1 of 1 people found this helpful
I have a Gigabyte AB350M-D3H-CF. I'm using the BIOS F1 2/20/2017, I
believe it's a 184.108.40.206a BIOS.
Does anyone with this motherboard have the issue?
I don't know if the issue is just isolated to a few or if it's indeed a general issue with the CPU. Like I said, I got mine to crash, but that's only by running the "stress" program at full blast as well. I would like to know as well, but there's so little centralized information available - and what I would like to see is a reporting form on AMD's site with the variables (cpu, mobo, OS, crashes - broken down per error, etc etc) so we can watch for patterns. Right now we're just trying to piece it all together from spread out sources without a baseline/test or avenue for reporting.
All my other Ryzen systems are pretty much the same except I also have some 1700X floating around; motherboards are all Asus Crosshair VI Hero, all G.Skill RAM and EVGA PSU's.
To AMD: Please provide a standardized form just for the new CPUs to help narrow these problems down; limit text input and provide as many options as possible that pertain to Ryzen specifically.
Unfortunately, and surprisingly, this problem disappeared on WSL
when make -j16 &>log.txt (usually I redirect it to /dev/null).
Oh the other hand, on Ubuntu, it happens as usual even if make -j16 &>log.txt.

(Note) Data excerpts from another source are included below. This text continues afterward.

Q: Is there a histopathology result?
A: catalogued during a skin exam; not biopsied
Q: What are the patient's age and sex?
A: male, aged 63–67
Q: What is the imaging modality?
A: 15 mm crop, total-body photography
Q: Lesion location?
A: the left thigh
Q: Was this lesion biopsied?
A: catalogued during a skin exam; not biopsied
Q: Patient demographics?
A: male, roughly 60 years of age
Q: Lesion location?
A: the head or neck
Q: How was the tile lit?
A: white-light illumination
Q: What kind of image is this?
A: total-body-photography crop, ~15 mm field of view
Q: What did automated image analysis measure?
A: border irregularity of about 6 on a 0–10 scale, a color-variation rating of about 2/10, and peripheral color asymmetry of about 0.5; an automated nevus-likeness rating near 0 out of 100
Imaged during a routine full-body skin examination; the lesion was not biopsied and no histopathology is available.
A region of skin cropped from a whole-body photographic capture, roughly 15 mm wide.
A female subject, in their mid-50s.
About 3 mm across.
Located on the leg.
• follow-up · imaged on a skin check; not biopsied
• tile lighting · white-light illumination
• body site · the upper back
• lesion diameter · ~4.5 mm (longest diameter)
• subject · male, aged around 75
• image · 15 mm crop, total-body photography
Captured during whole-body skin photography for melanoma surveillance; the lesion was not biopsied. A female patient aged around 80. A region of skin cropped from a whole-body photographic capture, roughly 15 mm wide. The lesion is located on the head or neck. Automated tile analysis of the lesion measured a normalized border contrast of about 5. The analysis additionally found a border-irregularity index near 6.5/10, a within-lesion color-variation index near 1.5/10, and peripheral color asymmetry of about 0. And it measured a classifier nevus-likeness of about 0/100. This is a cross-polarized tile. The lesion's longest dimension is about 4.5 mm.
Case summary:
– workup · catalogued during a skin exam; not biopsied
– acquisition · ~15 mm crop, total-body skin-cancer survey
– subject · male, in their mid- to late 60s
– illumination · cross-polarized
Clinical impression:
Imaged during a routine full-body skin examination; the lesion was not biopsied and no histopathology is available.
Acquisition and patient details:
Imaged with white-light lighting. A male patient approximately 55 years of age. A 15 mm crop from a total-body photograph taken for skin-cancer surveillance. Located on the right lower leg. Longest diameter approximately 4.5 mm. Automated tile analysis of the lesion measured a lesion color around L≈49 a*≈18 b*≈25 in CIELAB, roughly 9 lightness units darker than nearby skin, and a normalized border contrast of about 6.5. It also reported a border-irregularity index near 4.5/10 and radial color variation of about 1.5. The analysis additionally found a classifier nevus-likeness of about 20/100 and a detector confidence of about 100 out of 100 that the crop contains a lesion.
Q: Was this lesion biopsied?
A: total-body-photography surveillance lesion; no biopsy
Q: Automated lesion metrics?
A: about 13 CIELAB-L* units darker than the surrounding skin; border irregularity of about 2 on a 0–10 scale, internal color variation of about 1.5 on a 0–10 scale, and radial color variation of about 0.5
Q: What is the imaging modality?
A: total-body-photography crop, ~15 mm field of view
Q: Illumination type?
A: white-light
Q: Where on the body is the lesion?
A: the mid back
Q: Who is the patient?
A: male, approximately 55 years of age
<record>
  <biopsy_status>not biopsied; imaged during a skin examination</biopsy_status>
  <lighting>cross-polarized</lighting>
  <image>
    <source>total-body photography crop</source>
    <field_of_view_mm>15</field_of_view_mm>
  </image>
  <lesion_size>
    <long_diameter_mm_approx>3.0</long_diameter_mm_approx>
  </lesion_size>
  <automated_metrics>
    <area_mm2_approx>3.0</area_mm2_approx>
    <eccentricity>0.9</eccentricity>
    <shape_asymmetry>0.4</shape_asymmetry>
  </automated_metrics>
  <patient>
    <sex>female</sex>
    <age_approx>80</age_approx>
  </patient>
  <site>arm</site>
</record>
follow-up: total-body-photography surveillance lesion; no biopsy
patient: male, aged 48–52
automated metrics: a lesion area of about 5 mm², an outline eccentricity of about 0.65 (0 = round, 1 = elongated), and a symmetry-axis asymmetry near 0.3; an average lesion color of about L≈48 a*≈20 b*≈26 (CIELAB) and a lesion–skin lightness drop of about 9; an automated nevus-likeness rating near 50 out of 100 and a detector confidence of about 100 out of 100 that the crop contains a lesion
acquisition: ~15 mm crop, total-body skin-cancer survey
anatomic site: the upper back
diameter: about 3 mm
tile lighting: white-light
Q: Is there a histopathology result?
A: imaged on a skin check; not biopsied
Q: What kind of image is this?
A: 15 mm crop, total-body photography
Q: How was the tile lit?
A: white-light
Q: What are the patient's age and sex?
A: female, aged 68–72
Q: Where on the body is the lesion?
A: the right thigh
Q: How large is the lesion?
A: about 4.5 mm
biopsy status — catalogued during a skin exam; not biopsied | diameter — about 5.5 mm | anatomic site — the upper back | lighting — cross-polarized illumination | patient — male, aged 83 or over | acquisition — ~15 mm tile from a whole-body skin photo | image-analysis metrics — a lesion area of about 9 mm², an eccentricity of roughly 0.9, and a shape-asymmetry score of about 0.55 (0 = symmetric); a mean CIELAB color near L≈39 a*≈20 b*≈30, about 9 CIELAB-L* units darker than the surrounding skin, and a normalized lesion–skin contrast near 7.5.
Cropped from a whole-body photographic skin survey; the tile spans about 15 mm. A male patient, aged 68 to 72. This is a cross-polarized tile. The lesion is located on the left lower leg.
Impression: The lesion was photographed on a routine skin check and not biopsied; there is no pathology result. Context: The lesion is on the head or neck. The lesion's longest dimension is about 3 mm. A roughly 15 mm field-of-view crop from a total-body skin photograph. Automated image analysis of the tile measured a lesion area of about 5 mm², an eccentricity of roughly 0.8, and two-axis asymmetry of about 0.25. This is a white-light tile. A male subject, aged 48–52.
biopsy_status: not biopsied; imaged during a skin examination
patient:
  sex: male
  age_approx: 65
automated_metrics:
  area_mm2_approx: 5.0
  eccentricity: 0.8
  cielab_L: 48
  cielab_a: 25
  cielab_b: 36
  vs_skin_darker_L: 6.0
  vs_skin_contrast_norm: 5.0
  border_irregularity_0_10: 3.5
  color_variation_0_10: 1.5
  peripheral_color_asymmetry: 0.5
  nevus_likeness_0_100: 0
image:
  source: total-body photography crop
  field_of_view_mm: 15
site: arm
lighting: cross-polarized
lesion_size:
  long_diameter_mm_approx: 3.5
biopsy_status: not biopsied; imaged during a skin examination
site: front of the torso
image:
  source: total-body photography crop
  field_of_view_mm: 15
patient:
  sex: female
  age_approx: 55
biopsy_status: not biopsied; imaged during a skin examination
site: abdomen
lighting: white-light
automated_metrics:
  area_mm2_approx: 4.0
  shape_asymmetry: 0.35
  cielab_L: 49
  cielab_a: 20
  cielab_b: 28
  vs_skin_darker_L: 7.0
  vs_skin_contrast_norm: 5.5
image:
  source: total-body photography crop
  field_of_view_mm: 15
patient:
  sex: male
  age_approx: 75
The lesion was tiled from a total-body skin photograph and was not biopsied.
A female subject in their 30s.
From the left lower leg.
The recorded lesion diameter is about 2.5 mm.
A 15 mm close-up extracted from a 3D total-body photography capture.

This problem is really sensitive about any changes, mb, hardware/software
settings, and so on.
I don't think it is sensitive to changes, it is very random. I mean, I can replicate it easily with the usual mesa/gcc parallel compilation, but sometimes everything just works fine for hours then suddenly things start to go bad. And I can't find any patterns to justify why two seconds before things worked and now they are not. No reboot, no changes, no ambient temperature increase, nothing.